**EXERCISE AIM:**
Leave out the pictures and repeat the data exactly.

(Stored records)

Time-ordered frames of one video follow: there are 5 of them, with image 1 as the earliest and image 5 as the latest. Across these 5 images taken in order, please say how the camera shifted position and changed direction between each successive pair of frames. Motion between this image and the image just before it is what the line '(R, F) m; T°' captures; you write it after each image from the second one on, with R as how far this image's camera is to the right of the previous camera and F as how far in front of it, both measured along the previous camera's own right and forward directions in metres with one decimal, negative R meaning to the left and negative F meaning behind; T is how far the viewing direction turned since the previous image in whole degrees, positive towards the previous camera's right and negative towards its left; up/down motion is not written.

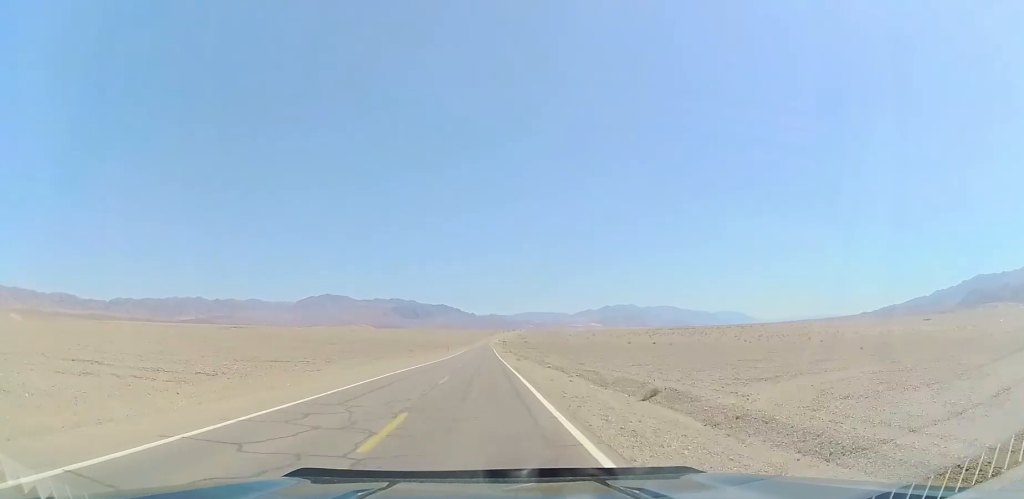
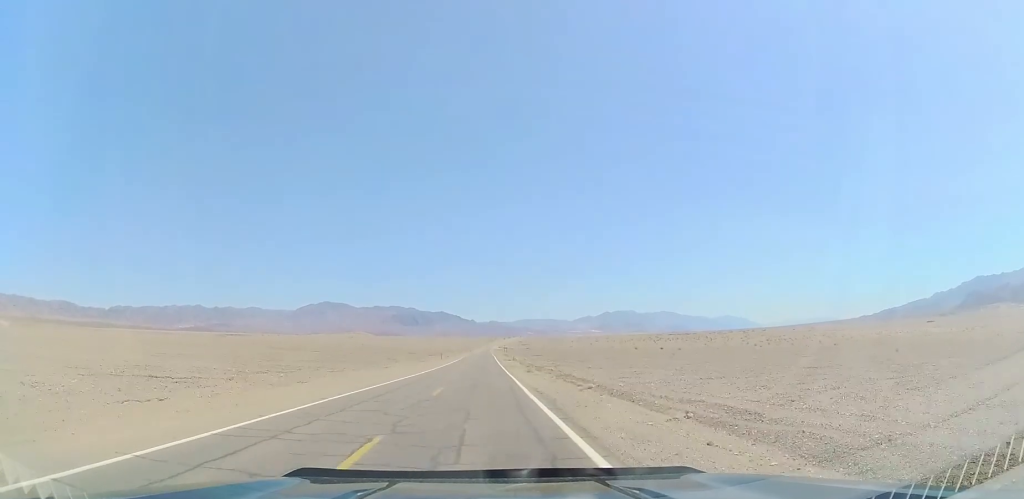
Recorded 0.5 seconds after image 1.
(+0.2, +17.3) m; 0°
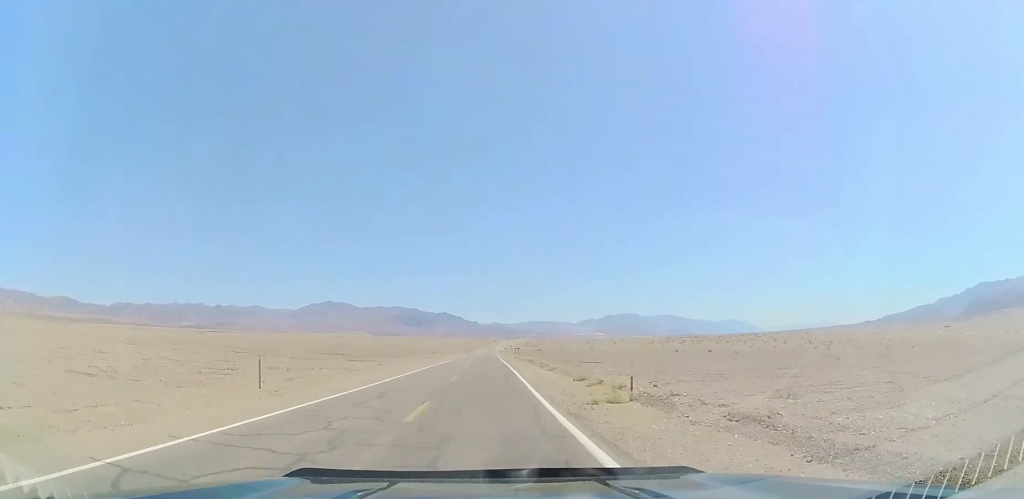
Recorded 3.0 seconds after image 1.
(+0.5, +81.3) m; +1°
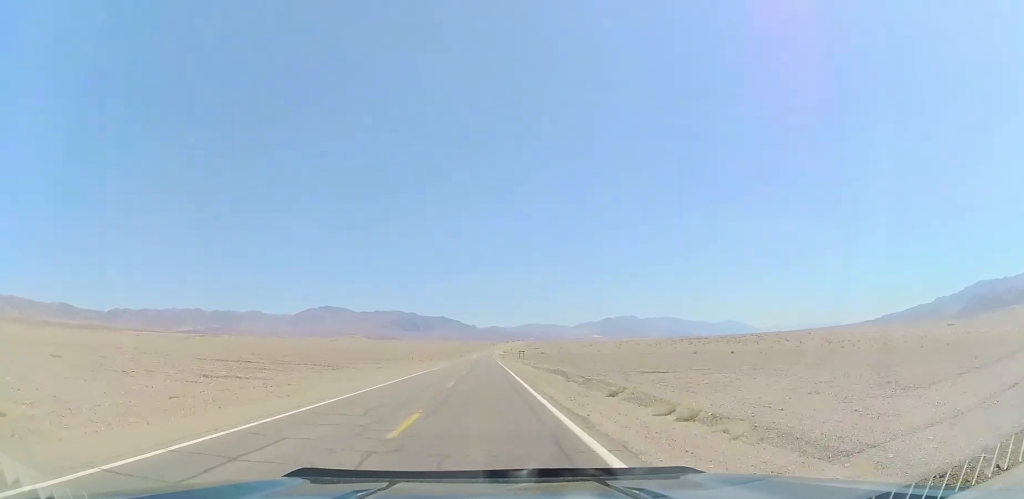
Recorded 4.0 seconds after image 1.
(+0.2, +31.5) m; 0°
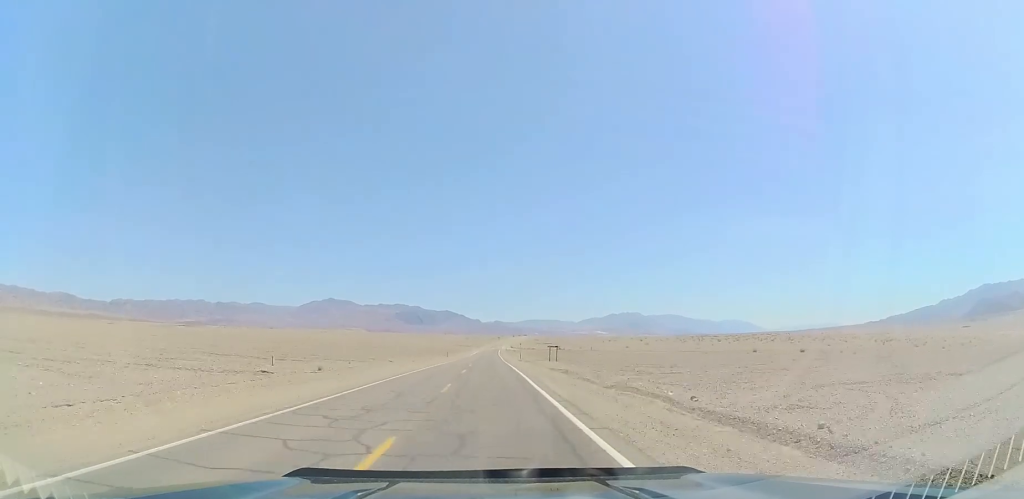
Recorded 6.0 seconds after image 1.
(-1.3, +63.9) m; -1°

**SOLVED EXERCISE:**
Time-ordered frames of one video follow: there are 5 of them, with image 1 as the earliest and image 5 as the latest. Across these 5 images taken in order, please say how the camera shifted position and changed direction between each successive pair of frames. Motion between this image and the image just before it is what the line '(R, F) m; T°' captures; you write it after each image from the second one on, with R as how far this image's camera is to the right of the previous camera and F as how far in front of it, both measured along the previous camera's own right and forward directions in metres with one decimal, negative R meaning to the left and negative F meaning behind; T is how far the viewing direction turned since the previous image in whole degrees, positive towards the previous camera's right and negative towards its left; up/down motion is not written.

Recorded 0.5 seconds after image 1.
(+0.2, +17.3) m; 0°
Recorded 3.0 seconds after image 1.
(+0.5, +81.3) m; +1°
Recorded 4.0 seconds after image 1.
(+0.2, +31.5) m; 0°
Recorded 6.0 seconds after image 1.
(-1.3, +63.9) m; -1°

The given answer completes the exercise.